Les mesures "Gilets jaunes" devraient booster le pouvoir d'achat (des actifs)

Par Grégoire Normand  |   |  1136  mots
Les économistes de l'institut de statistiques anticipent une chute de l'inflation au cours du premier semestre pour atteindre 1% en juin 2019 grâce aux mesures prises par le gouvernement. (Crédits : Jean-Paul Pelissier)
Les mesures annoncées mi-décembre par le gouvernement face au mouvement des gilets jaunes" vont augmenter le pouvoir d'achat des ménages de 0,8% en 2019 en moyenne, selon une étude de l'Institut des politiques publiques (IPP).

Alors que les "gilets jaunes" se préparent à un acte XI prévu ce samedi, les économistes de l'institut des politiques publiques (IPP) ont publié une note mercredi particulièrement éclairante sur l'impact des mesures d'urgence économiques et sociales annoncées par le président de la République le 10 décembre dernier.
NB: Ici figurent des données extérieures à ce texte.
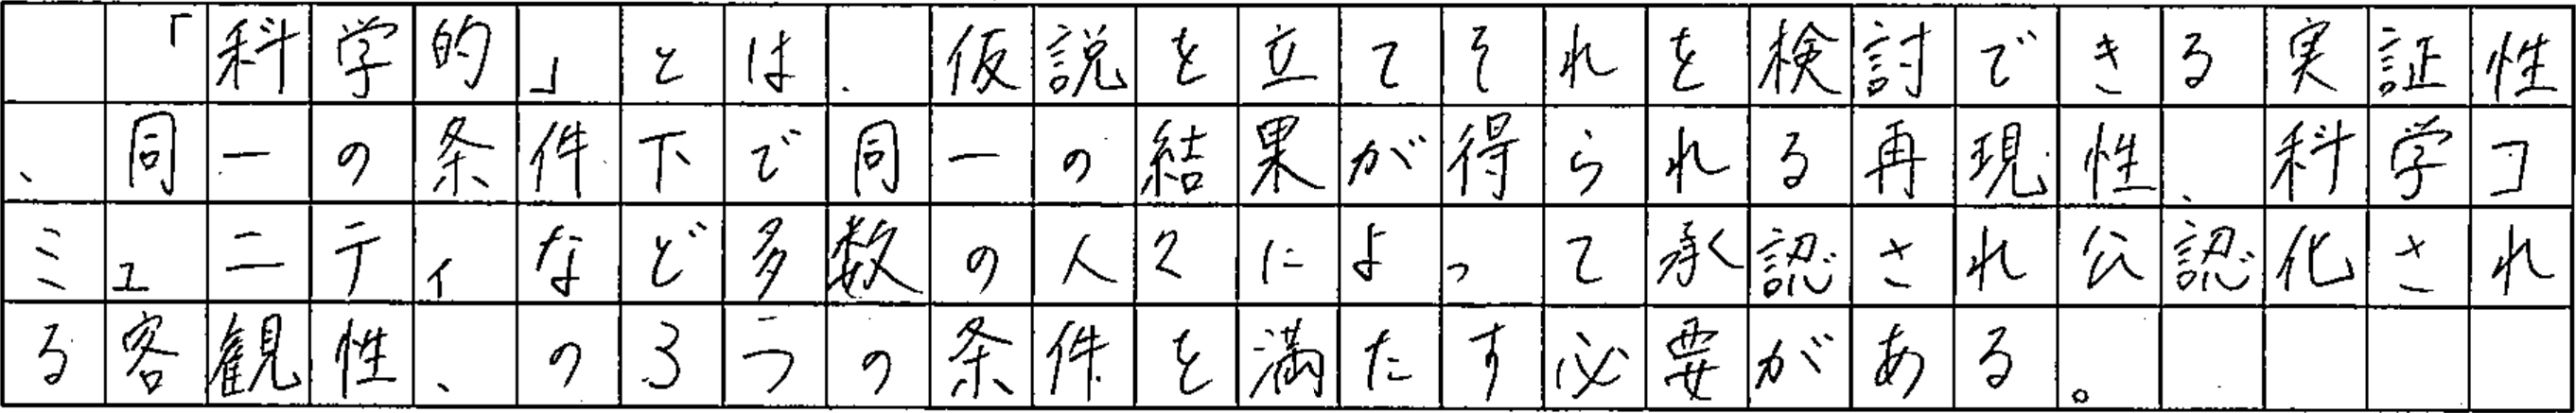　「科学的」とは、仮説を立てそれを検討できる実証性、同一の条件下で同一の結果が得られる再現性、科学コミュニティなど多数の人々によって承認され公認化される客観性、の３つの条件を満たす必要がある。

Seulement quelques semaines après le début du mouvement social, Emmanuel Macron avait principalement visé les salariés autour du SMIC et les retraités avec des dispositifs rapides à mettre en place. Passées en urgence à la fin de l'année dans le budget 2019, toutes ces mesures devaient servir à apaiser la colère des manifestants. Mais cette stratégie n'a visiblement pas fonctionné au regard du nombre de personnes dans les rues recensées par le ministère de l'Intérieur les samedi suivants. L'exécutif compte désormais sur la mise en oeuvre du grand débat pour calmer la gronde sur les ronds-points.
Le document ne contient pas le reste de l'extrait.